Benefits to using CloudFlare

• Geographic Distribution: With Cloudflare, loading your site should be faster when being accessed from other continents (This is the #1 reason to use a CDN like Cloudflare)
• Possible Enhanced Security: It can provide some level of security protection
• DDoS Protection: The default settings for CloudFlare are not any more effective at blocking DDoS attacks than our built in firewalls, however the "Under Attack" mode of CloudFlare is very effective at this. If you believe your site is being targetted by a distributed denial of service attack, please enable CloudFlare and ensure the "Under Attack" mode is enabled to mitigate the issue.
• Synthetic Performance Benchmarks: Speed analysis tools like GT Metrix will give you a higher score simply for using a content delivery network (CDN), without actually measuring the real-world performance differences.
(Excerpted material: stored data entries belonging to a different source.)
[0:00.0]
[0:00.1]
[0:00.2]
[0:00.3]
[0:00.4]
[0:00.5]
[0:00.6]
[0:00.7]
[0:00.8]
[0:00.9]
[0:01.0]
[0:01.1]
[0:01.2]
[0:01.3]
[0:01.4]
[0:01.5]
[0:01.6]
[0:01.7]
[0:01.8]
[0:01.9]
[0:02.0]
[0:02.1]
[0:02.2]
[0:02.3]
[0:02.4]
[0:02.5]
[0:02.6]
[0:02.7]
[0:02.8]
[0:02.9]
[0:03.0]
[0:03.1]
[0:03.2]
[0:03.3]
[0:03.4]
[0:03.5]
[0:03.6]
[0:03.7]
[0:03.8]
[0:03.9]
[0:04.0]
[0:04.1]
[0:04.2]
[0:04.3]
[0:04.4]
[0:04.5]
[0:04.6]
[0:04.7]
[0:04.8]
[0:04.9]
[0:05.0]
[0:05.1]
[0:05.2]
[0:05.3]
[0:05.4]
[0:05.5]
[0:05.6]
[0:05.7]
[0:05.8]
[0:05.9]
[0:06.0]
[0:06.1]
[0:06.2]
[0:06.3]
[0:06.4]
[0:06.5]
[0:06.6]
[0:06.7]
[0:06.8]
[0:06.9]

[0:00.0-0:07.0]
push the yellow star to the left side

Downsides to using CloudFlare

• Local Traffic Might be Slower: If your website visitors are mostly local and the CDN's nearest server is farther or has worse connectivity than our servers in Montreal, then it'll actually slow down your site.
• Difficulty with Troubleshooting: Because you're adding yet another layer to the way your website loads, troubleshooting issues becomes very difficult. If your site goes down, it's rare that we can help as issues like this are more commonly a problem with the CDN
• More Manual DNS Work: Because these types of CDNs like CloudFlare take over your DNS, when you add sub-domains or make changes to your DNS records in Plesk you will find they do not become live until you've also changed them in the CDN's panel. Similarly, changing name servers to your CDN's may reset your MX records, resulting in incoming mail no longer functioning after enabling the CDN unless you explicitly create those records manually.
• Conflicts: There are often conflicts between CloudFlare's aggressive caching and security solutions when used in combination with our own caching and security solutions. We have frequently found our own solutions to outperform those of Cloudflare.

Because of these downsides, having CloudFlare enabled has on many occasions delayed resolution of issues and made narrowing down problems extremely time consuming and/or costly for our customers.
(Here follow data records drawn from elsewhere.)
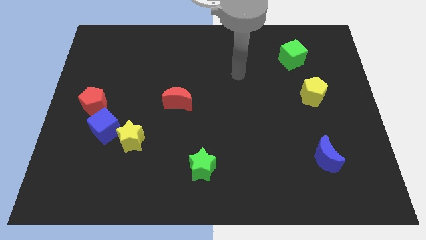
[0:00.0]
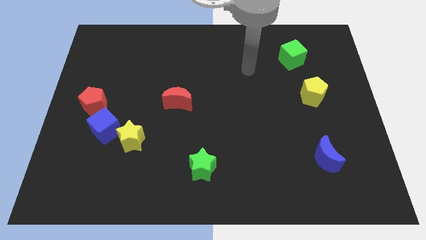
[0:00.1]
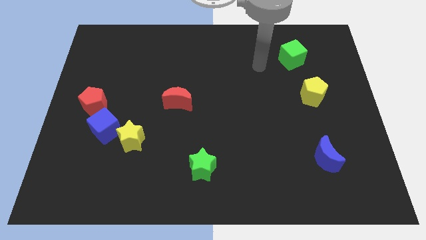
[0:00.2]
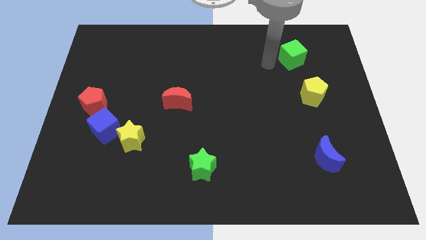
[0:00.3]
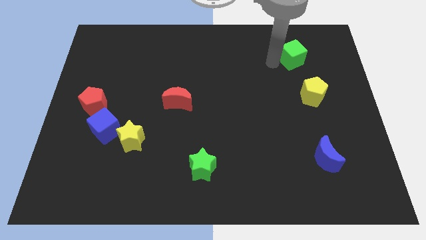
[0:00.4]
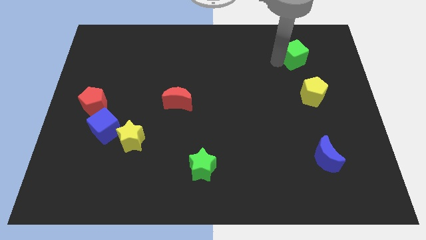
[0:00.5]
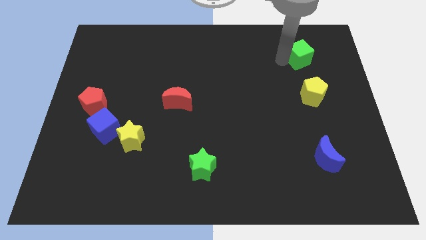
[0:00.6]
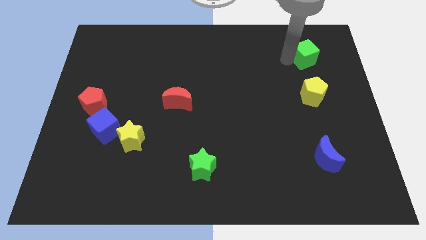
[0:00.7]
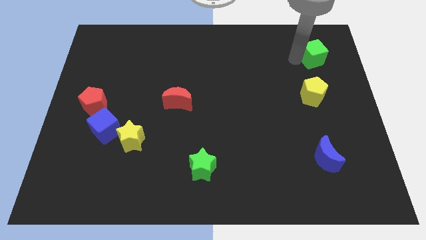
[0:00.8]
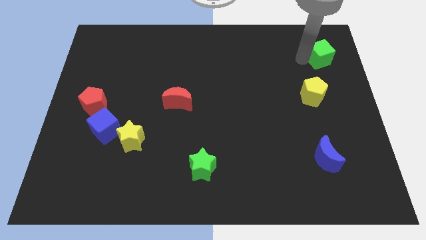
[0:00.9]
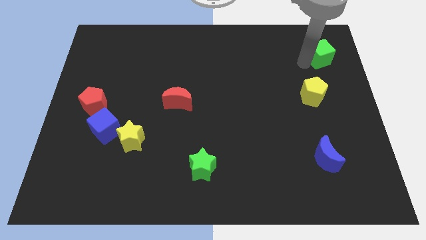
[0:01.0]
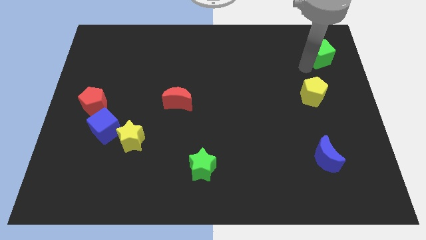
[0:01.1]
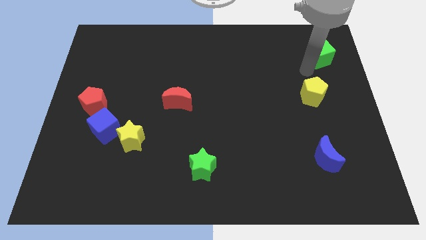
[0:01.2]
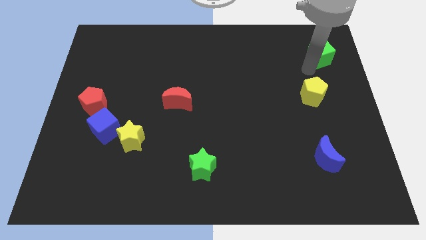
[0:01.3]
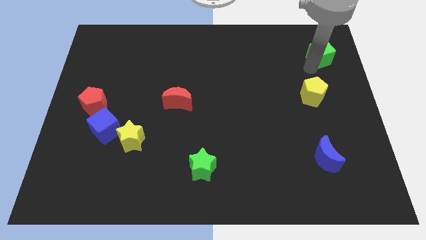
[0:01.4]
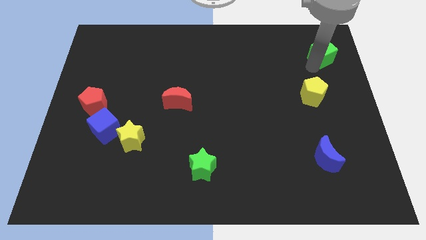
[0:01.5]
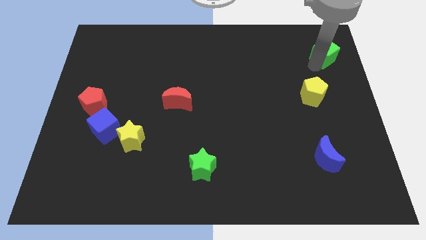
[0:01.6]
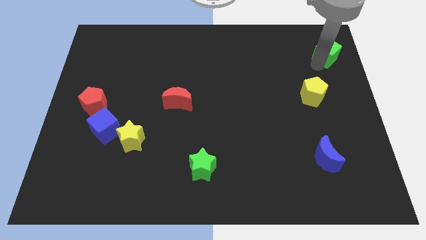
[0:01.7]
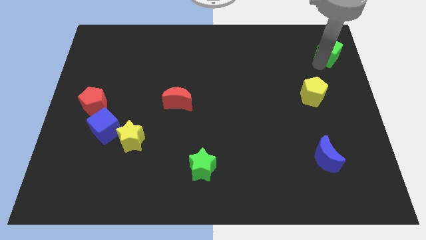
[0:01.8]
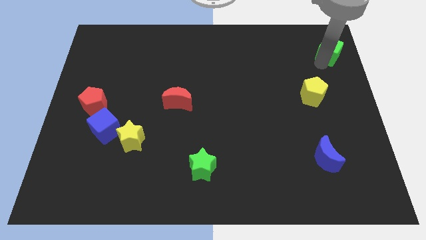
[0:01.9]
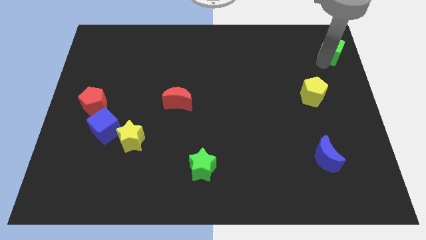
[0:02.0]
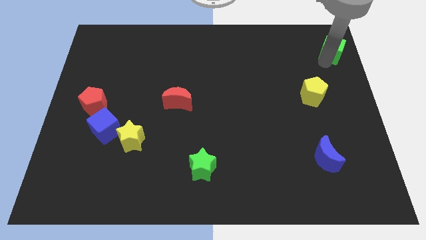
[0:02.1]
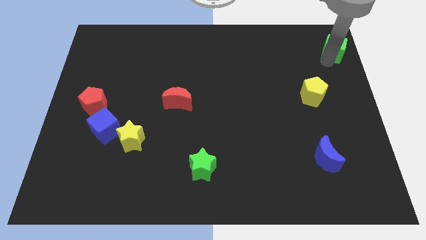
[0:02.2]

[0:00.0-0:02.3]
slide the green cube to the top right of the board

You've probably seen other hosts recommending Cloudflare. We don't need to do this because we include solutions with our hosting for most of what Cloudflare can do for your website:

1. Faster Website Speed: If your target audience is in North America or Europe, Cloudflare isn't likely to provide much of a speed benefit. If you're using WordPress, try using our optimization guide here instead: our server optimizations are compatible with common caching plugins like WP Super Cache and WP Rocket.
2. You have customers globally: Try a CDN that doesn't take over your DNS instead, like MaxCDN, BunnyCDN, or RocketCDN. Please consult the documentation for your caching system (ex: WP Super Cache or WP Rocket for WordPress) to learn how best to integrate.
3. Enhanced Security: We use the Imunify360 security layer on our shared servers (and it's available to purchase for our VPS offerings as well). This provides equivalent or better functionality compared to Cloudflare's firewall. The singular exception to this is if your site is being attacked by thousands of different IPs: a DDoS or distributed denial of service attack. Please see the DDoS Protection benefit above for details.